Beginning at the line containing "claim: widow's", restate each line of the listing below word for word until the last one has been given.
=== Section Start ===
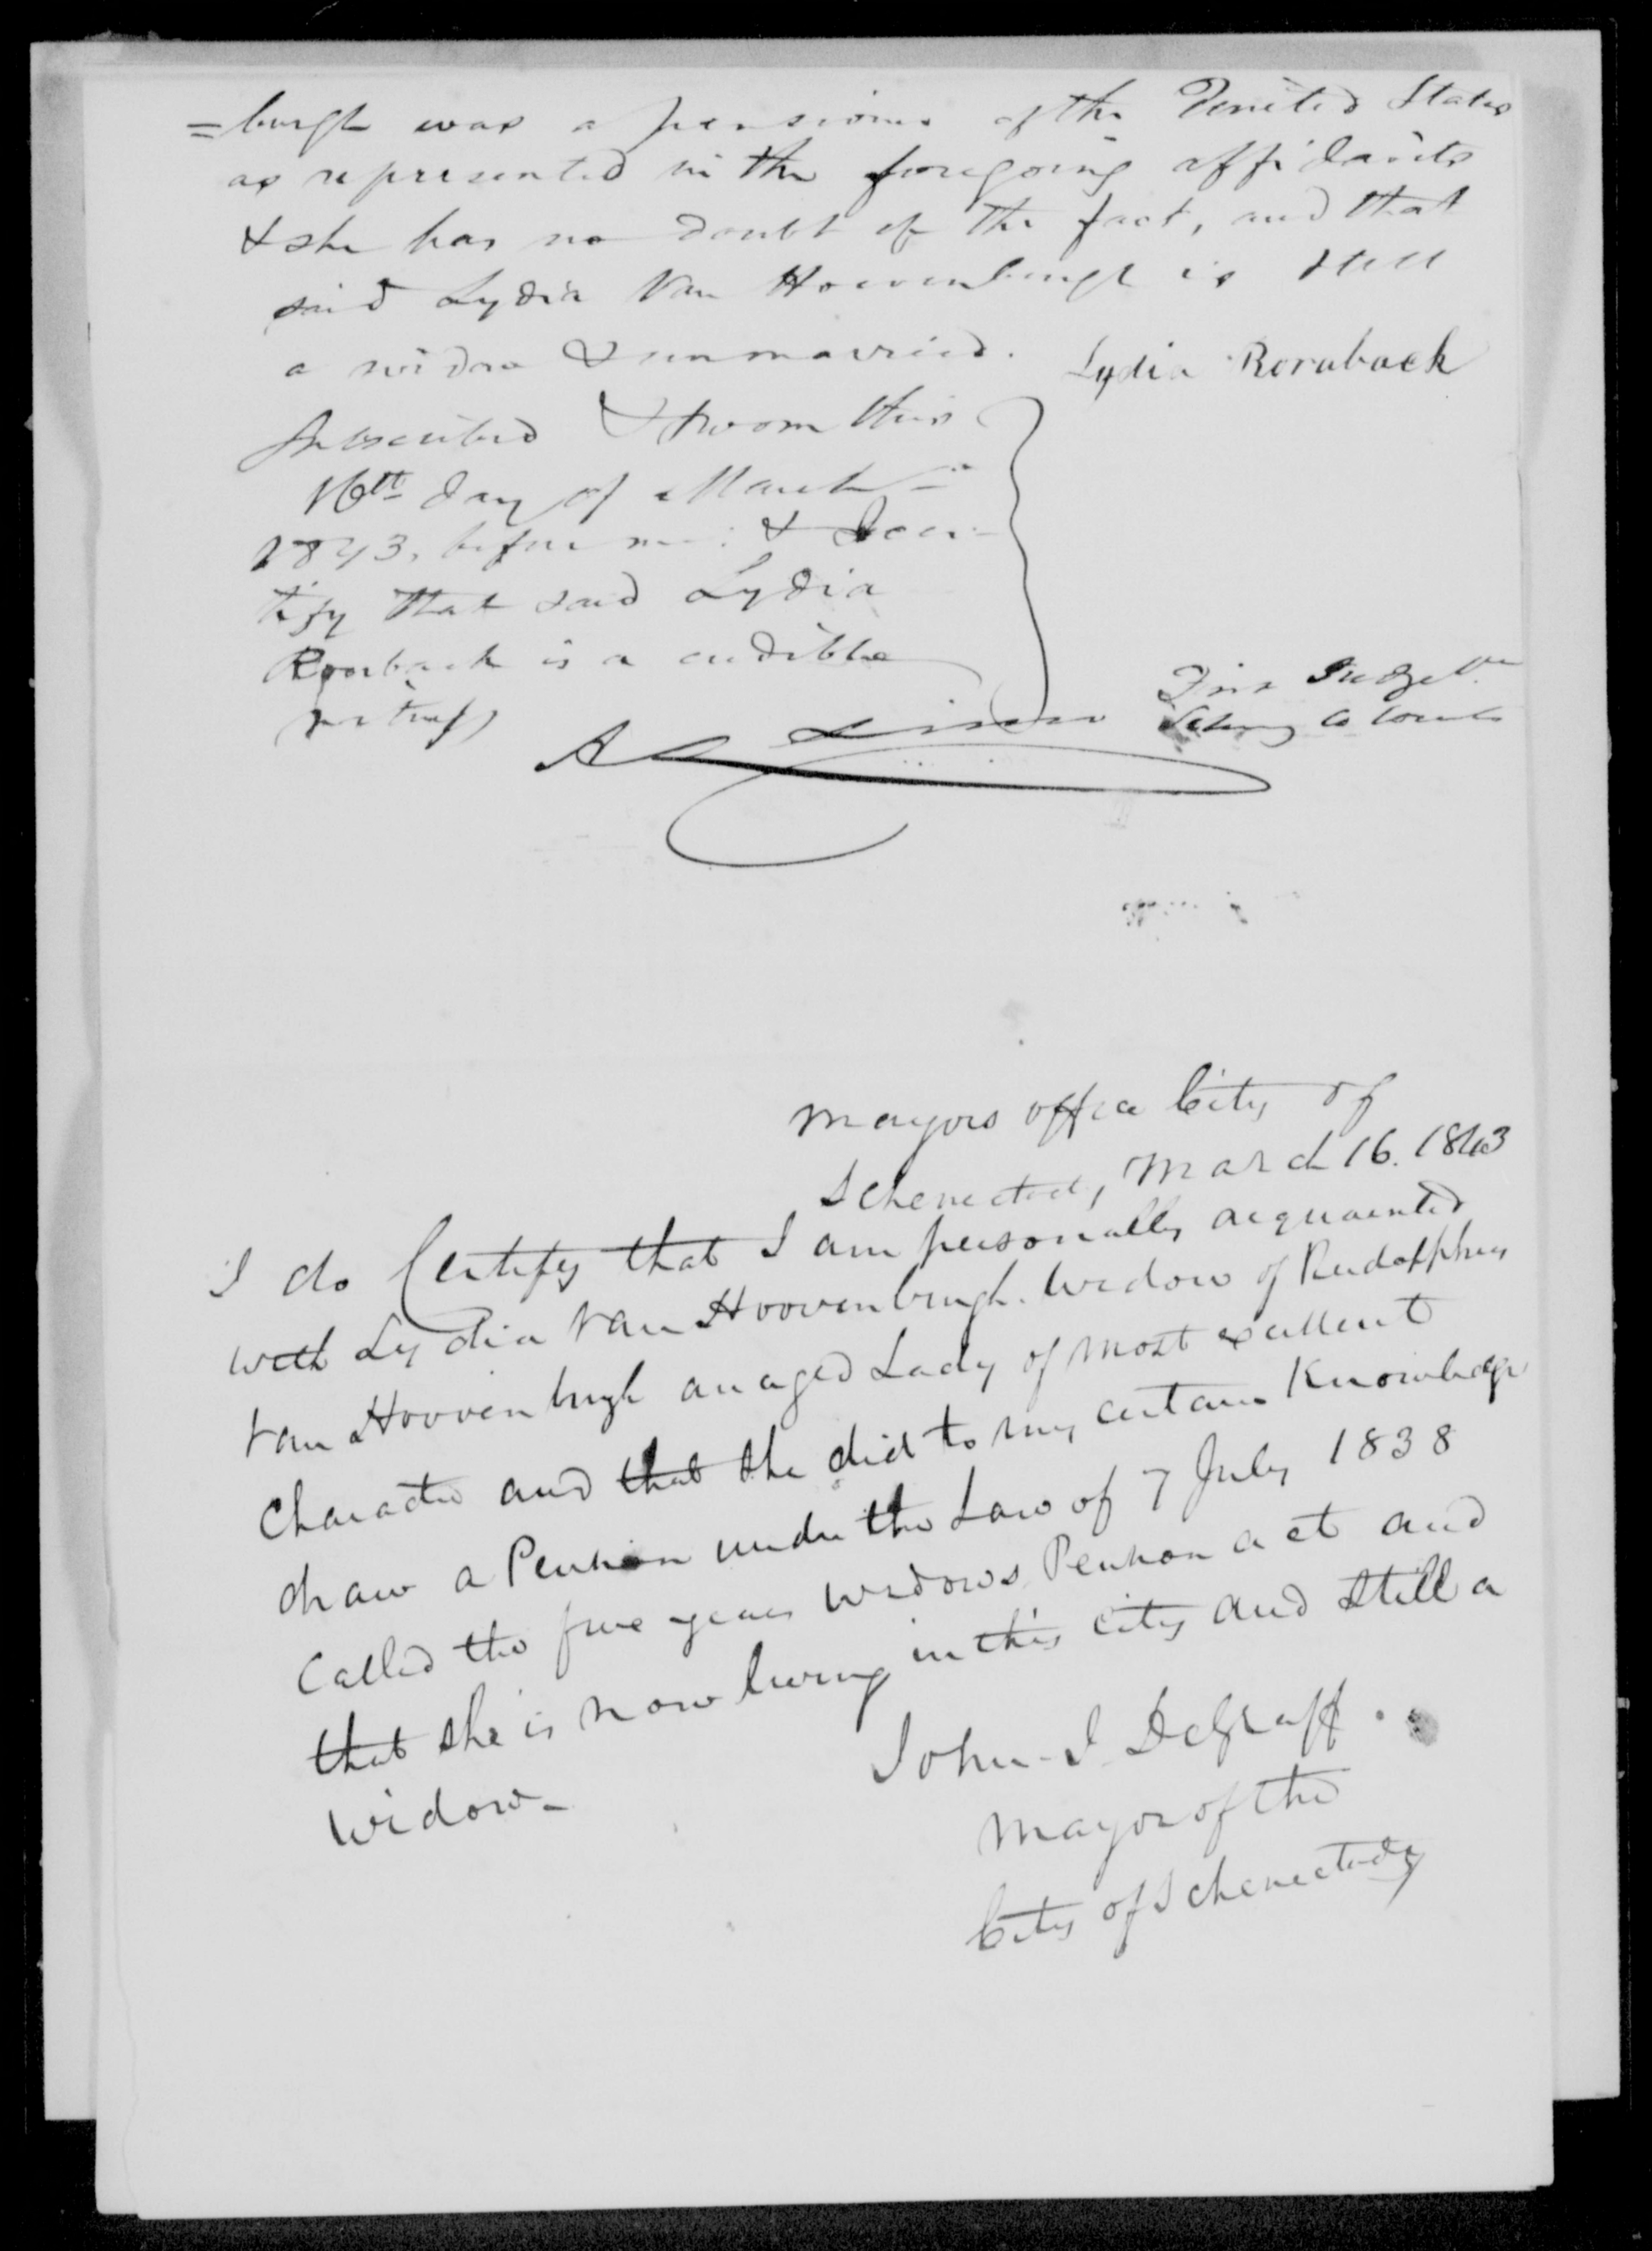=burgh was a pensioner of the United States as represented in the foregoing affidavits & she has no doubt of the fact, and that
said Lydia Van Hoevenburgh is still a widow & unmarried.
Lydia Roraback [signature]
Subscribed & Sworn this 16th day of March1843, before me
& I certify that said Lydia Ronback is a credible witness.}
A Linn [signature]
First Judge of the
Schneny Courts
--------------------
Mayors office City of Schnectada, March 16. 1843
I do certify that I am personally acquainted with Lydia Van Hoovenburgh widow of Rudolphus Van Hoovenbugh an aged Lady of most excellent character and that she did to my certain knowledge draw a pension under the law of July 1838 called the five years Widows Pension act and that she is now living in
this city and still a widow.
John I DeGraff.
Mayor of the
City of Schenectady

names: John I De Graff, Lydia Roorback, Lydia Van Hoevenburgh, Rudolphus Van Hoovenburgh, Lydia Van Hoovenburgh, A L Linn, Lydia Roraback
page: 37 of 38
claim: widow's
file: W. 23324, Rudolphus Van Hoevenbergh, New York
=== Section End ===
### Result of this task
claim: widow's
file: W. 23324, Rudolphus Van Hoevenbergh, New York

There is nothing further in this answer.